Even as the hall monitor.

He gets you when you're at your most vulnerable, your least aware- in the sweet ark of slumber. And more often than not, Craven shows Freddy's attacks from the outside- the sleeping victim thrashing about, slashed and beaten- we can only imagine what's happening in their world, and that's truly frightening. The cast is solid- Heather Langenkamp is our heroine (and a far cry from the CW douches on summer hiatus who star in today's horror), John Saxon (a Bava/Argento alum) is the no-nonsense cop dad, Ronee Blakley is the habitually loaded alky mom (watch for her hidden booze stashes), Johnny Depp is the boyfriend (even at this young age making some impressively bizarre acting choices), and, of course, Robert Englund is Krueger- a sheer force of malicious exuberance.

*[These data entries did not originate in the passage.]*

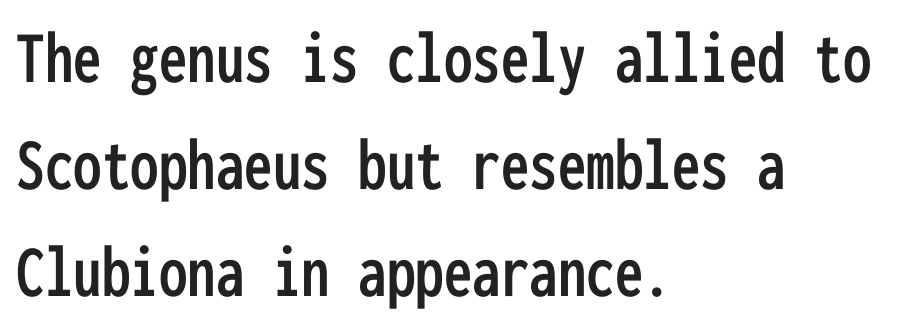
The image shows 76 px condensed sans-serif type, upright, monospaced; set left-aligned, normal line spacing (1.41x), normal letter spacing, not underlined; low stroke contrast and a medium x-height.
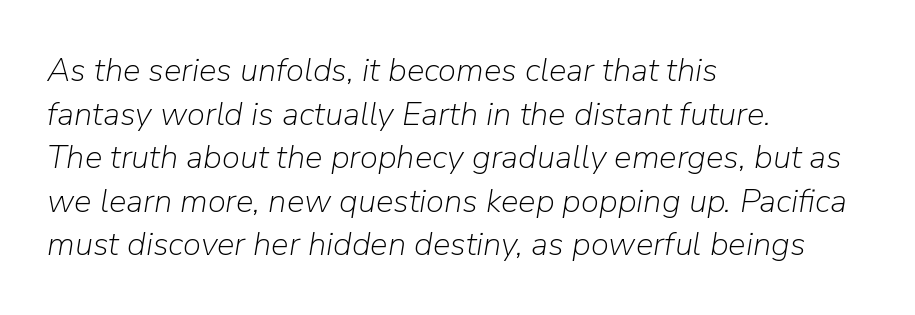
The image shows 33 px light type, italic (leaning right); set left-aligned, normal line spacing (1.32x), normal letter spacing, not underlined; low stroke contrast and a medium x-height.
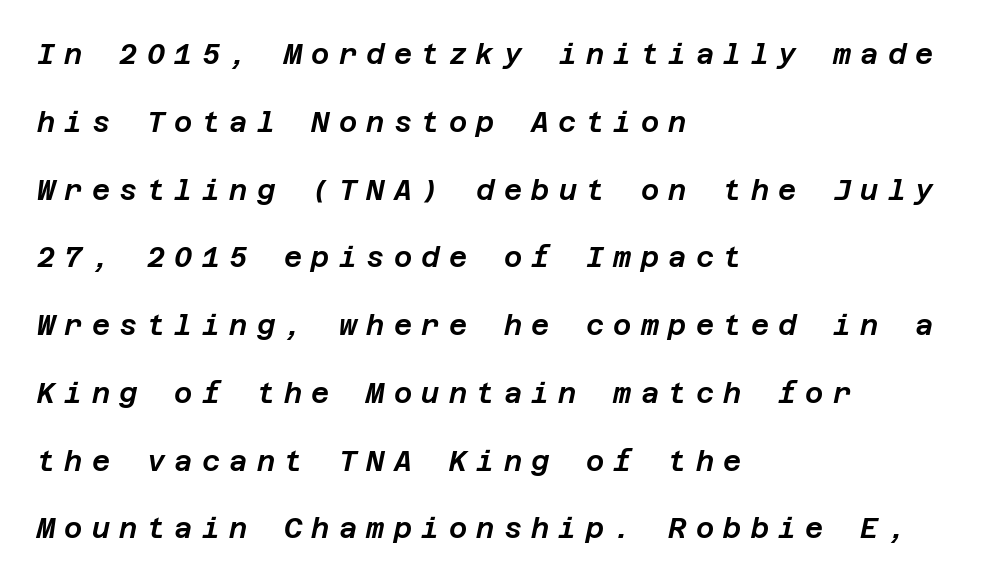
The image shows 28 px text type, italic (leaning right); set left-aligned, loose line spacing (2.42x), unusually wide letter spacing (+0.33 em), not underlined; low stroke contrast and a large x-height.
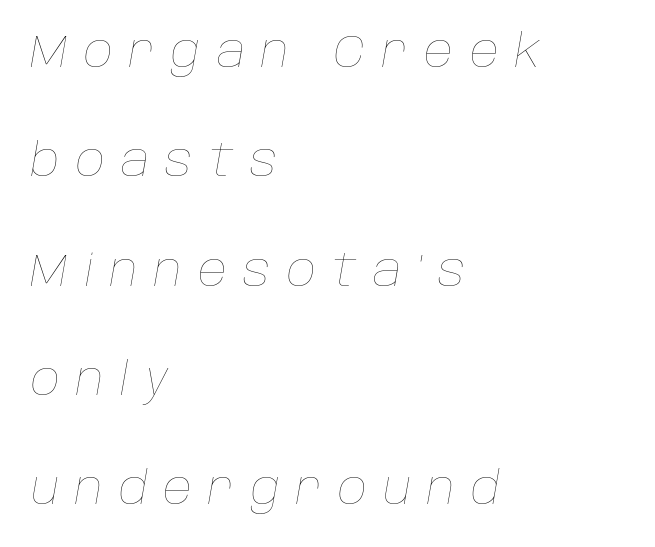
{"italic": "yes", "lean": "right", "slant_degrees": 10, "bold": "no", "weight": "thin", "width": "normal", "stroke_contrast": "low", "x_height": "large", "monospaced": "no", "underline": "no", "align": "left", "line_spacing": "loose", "line_spacing_ratio": 2.43, "letter_spacing": "wide", "letter_spacing_em": 0.36, "glyph_px": 45}
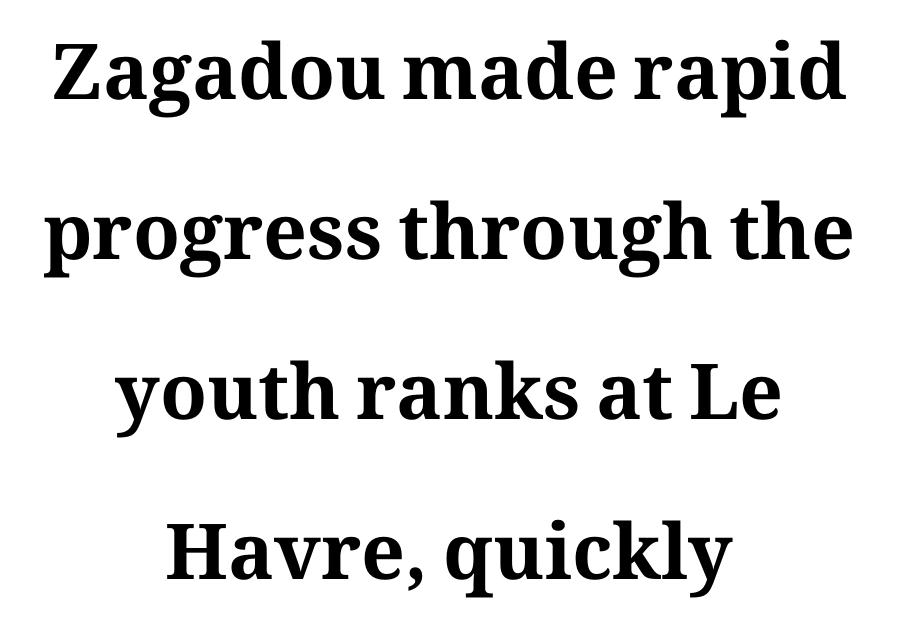
In terms of leading, this rendering errs on the spacious side. Observe the ordinary spacing: letters are neighbours, not strangers. Little horizontal feet cap the strokes, marking this as serif type. Is this a fixed-width face? No — the glyphs have proportional, varying widths. Check under the words: just untouched page.
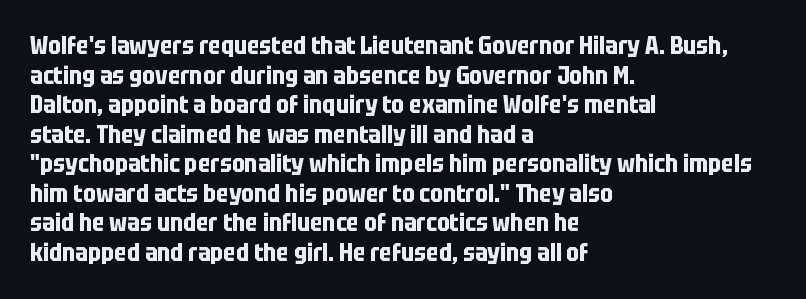
Q: Is the text bold? A: Yes.
Q: Is the text italic (slanted)? A: No, it is upright.
Q: Is the text underlined? A: No.
Q: How is the paragraph aligned? A: Left-aligned.
Q: Is the spacing between letters normal or unusually wide? A: Normal.
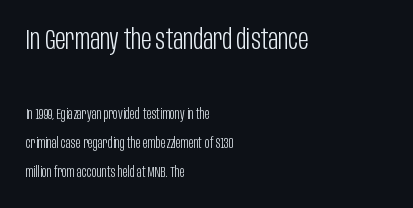
The image shows 28 px light, condensed sans-serif type, upright; set left-aligned, loose line spacing (2.09x), normal letter spacing, not underlined; the first (top) block is 2.0x larger; low stroke contrast and a large x-height.

The visuals are startlingly potent- Freddy's arms extending to an impossible length:

a bed swallowing a victim and spewing a sanguinary geyser, a spectral form emerging from a rubbery wall:

a Cronenbergian face-lickin' phone:

or a girl chased up the steps as the carpet transforms into bemiring white goop. All of this is pre-CGI, and, in fact, is frequently visualized by extremely primitive means- its effectiveness remains a credit to the conceptual hotbed of primal fears and visceral anxieties that (ex-Humanities professor) Craven dips into. This is focused, forceful storytelling at its best. Five stars.